__Work order__: Please output exactly the lines of the material from the first through the line containing "146. Sizung vom 19. Dezember 187", and nothing more.

__Source material__:
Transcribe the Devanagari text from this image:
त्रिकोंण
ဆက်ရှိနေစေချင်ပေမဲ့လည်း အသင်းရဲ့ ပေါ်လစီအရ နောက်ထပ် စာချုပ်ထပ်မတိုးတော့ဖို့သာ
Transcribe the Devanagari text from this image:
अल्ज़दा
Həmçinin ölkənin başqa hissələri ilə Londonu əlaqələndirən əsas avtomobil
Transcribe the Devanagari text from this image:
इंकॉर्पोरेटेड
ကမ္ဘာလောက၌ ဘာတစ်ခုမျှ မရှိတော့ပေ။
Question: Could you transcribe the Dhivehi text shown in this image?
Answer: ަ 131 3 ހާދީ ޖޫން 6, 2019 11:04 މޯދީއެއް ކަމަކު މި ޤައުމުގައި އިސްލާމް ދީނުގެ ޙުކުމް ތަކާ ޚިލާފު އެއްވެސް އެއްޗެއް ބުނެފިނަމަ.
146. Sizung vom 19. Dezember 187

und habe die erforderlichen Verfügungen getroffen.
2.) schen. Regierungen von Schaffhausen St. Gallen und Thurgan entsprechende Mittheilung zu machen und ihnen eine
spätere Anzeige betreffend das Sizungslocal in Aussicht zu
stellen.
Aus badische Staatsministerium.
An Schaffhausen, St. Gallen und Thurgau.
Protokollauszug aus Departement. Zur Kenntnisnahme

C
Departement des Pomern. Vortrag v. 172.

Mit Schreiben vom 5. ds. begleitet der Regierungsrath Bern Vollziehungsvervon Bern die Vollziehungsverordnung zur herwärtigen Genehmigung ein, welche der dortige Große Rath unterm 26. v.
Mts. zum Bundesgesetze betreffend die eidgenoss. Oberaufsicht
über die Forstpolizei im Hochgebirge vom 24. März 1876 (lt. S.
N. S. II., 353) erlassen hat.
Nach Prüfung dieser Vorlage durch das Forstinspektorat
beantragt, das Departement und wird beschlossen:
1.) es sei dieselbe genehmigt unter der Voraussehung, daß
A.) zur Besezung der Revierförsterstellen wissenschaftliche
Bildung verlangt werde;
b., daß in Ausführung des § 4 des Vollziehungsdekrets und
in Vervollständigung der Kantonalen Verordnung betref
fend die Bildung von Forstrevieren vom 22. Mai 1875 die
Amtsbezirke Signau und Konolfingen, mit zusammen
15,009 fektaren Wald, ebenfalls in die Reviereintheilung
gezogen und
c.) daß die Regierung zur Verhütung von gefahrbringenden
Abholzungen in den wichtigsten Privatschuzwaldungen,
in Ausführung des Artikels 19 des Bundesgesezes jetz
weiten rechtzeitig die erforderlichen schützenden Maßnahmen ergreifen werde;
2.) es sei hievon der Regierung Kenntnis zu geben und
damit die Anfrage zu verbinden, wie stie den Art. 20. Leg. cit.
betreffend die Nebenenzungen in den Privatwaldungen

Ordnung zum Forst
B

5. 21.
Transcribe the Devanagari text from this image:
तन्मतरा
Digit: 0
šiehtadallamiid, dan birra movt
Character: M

__Final answer__:
Transcribe the Devanagari text from this image:
त्रिकोंण
ဆက်ရှိနေစေချင်ပေမဲ့လည်း အသင်းရဲ့ ပေါ်လစီအရ နောက်ထပ် စာချုပ်ထပ်မတိုးတော့ဖို့သာ
Transcribe the Devanagari text from this image:
अल्ज़दा
Həmçinin ölkənin başqa hissələri ilə Londonu əlaqələndirən əsas avtomobil
Transcribe the Devanagari text from this image:
इंकॉर्पोरेटेड
ကမ္ဘာလောက၌ ဘာတစ်ခုမျှ မရှိတော့ပေ။
Question: Could you transcribe the Dhivehi text shown in this image?
Answer: ަ 131 3 ހާދީ ޖޫން 6, 2019 11:04 މޯދީއެއް ކަމަކު މި ޤައުމުގައި އިސްލާމް ދީނުގެ ޙުކުމް ތަކާ ޚިލާފު އެއްވެސް އެއްޗެއް ބުނެފިނަމަ.
146. Sizung vom 19. Dezember 187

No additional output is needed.